For the 1870–1904 birth cohorts, we find an increase in age at death among the longest-lived Danish centenarians but no increase for those in Sweden. Although these two Scandinavian countries are similar in many ways, Denmark has generally experienced higher mortality (lower lifespans) than Sweden, and this excess mortality has been attributed to smoking (e.g., Lindahl-Jacobsen et al. 2016; Sundhedsministeriet (Danish Health Ministry) 1994). During the early to mid-1990s, smoking in Denmark as well as alcohol consumption and sedentary lifestyle decreased, leading to higher life expectancies. However, the effect of these factors on centenarians is unclear. Around the same time, Denmark also attempted to close the mortality gap with Sweden. Increased financial support and initiatives targeted better treatment of cardiovascular and other diseases (Christensen et al. 2010). Even though these programs did not specifically target the oldest-old, we speculate that some benefits spilled over to them.

The diverging trends in lifespan between the two countries could be due to different levels of health among their respective elderly populations. Recent studies have shown improvements in health as measured by activities of daily living (ADL) in cohorts of female centenarians in Denmark (Engberg et al. 2008; Rasmussen et al. 2018) among the 1895, 1905, and 1915 cohorts. Because women heavily outnumber men at the advanced ages, the overall contribution is positive. In Sweden, trends in health for the elderly have been less optimistic. A study using multiple health indicators of Swedes aged 77 and older between 1992 and 2002 found indications of worsening health from the mid-1990s onward—both a lack of improvement in ADL and deterioration in mobility, cognition, and performance tests (Parker et al. 2005, 2008).

In previous studies of oldest-old mortality among several developed countries, Kannisto (1994, 1996) argued that the observed declines in mortality at the highest ages (as opposed to, say, middle ages) were driven more by period than cohort effects. These period effects have an immediate impact on mortality patterns at the time they occur. While Denmark committed more time and resources in attempts to improve life expectancy, Sweden experienced a serious economic crisis in the early 1990s, which led to fiscal consolidation and reduced spending on public services, including health care for the elderly. At the same time, a deinstitutionalization of inpatient elder care was already underway, with a shift away from hospitals to nursing homes and a reduction in the number of nursing home beds. The economic crisis might not have directly caused this shift, but it certainly accelerated its implementation. The cost cuts have left some older people at risk, particularly those in the lower socioeconomic groups. Since that time, Denmark and Sweden have had disparate approaches to elder care. Sweden has adopted an approach targeting the most frail, whereas Denmark continued with generous provision of care, with the obvious result that services reach a higher proportion of the elderly population. Some studies have suggested that Sweden’s approach may have resulted in the lack of care for some who require it and that the least well-off segments of the elderly population rely more heavily on family care, which may be of lower quality (e.g., Rostgaard and Szebehely 2012).

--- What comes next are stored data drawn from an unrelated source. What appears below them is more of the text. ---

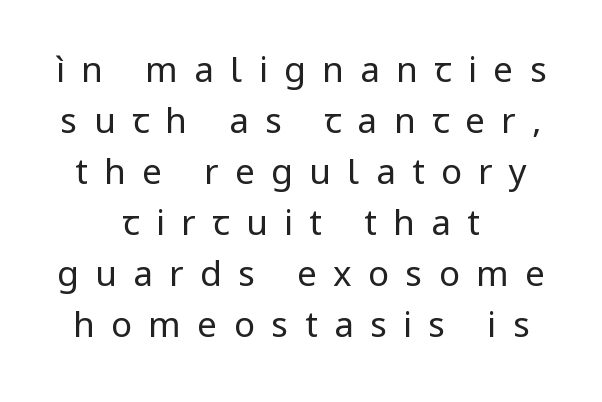
Tracking value appears strongly positive — letters spread wide. The space directly below the letters is spotless. These lines are rendered in a variable-pitch font. Posture: straight, roman, zero tilt. The passage shown is not bold in any degree. Vertical spacing — default.
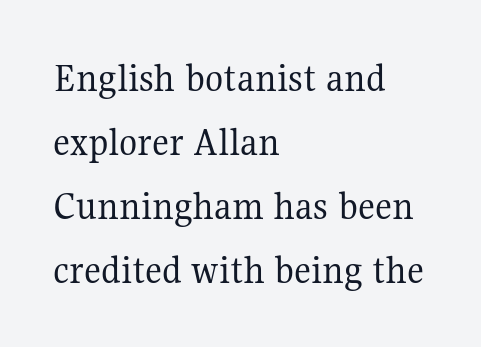
Weight: regular or lighter. The space directly below the letters is spotless. The font's upright variant was chosen for this text. Honestly, the row spacing looks completely unremarkable.
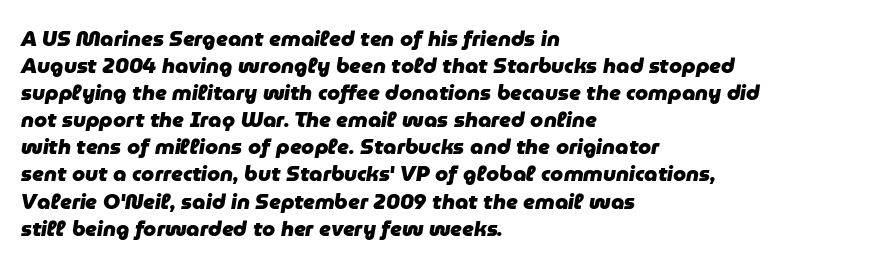
The passage shown has conventional tracking throughout. If you drew a ruler down the left edge, every line would touch it. As a designer I'd log this as weight 700, bold. When letters slant like this, we call the style italic. A typesetter would call this leading conventional body-copy spacing. Descenders hang freely into open space.
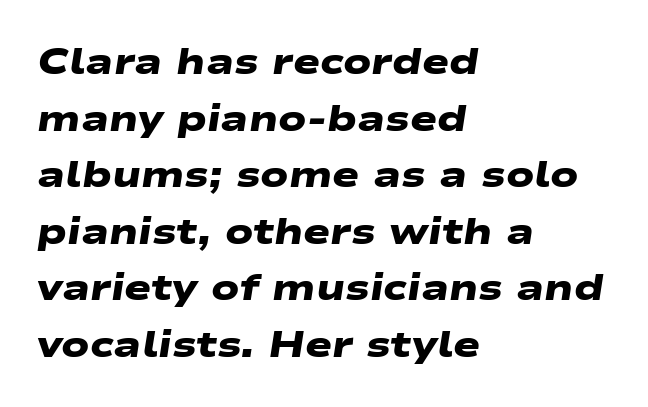
Q: Is the text bold? A: Yes.
Q: Is the typeface a serif or a sans-serif typeface? A: Sans-serif.
Q: Is the text underlined? A: No.
Q: How is the paragraph aligned? A: Left-aligned.
Q: Is the spacing between letters normal or unusually wide? A: Normal.
Q: Is the spacing between lines tight, normal or loose? A: Normal.
Q: Width (condensed, normal, or wide)? A: Wide.
Q: Stroke contrast? A: Low.
Q: x-height? A: Medium.
Q: Monospaced? A: No.
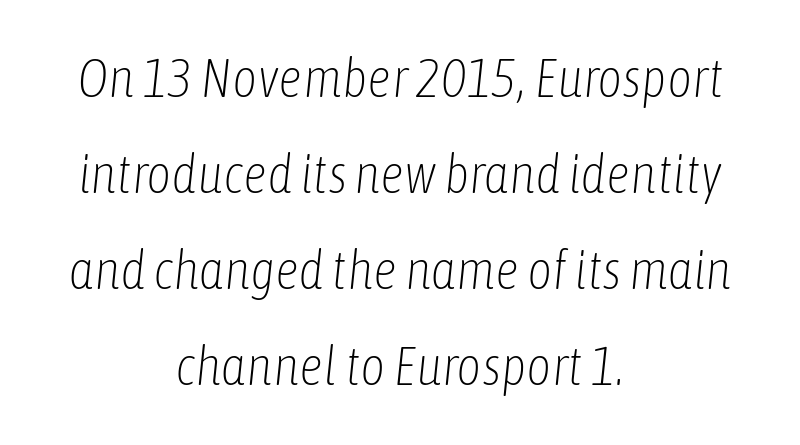
This sample has the flowing, uneven cadence of proportional lettering. Between one letter and the next there's only the usual sliver of space. Decoration check: the copy has no underline. On a weight scale, this lands at 450 or below.
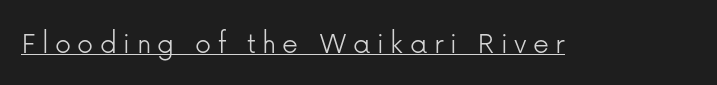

In summary, only those who have already attained the highest ages appear to have lifespans that are improving over time—and only in Denmark. Persons who attain age 100 are a select group, but there appears to be an additional layer of selection favoring a super-select group. Those within this super-select group are obviously the most durable, and it is they who are experiencing longer lives. Perhaps because of their inherent resilience and particular physiology, they are best able to benefit from the advances in health care. Unfair maybe, but the vagaries of human survival appear to favor winners: only the very oldest are growing older.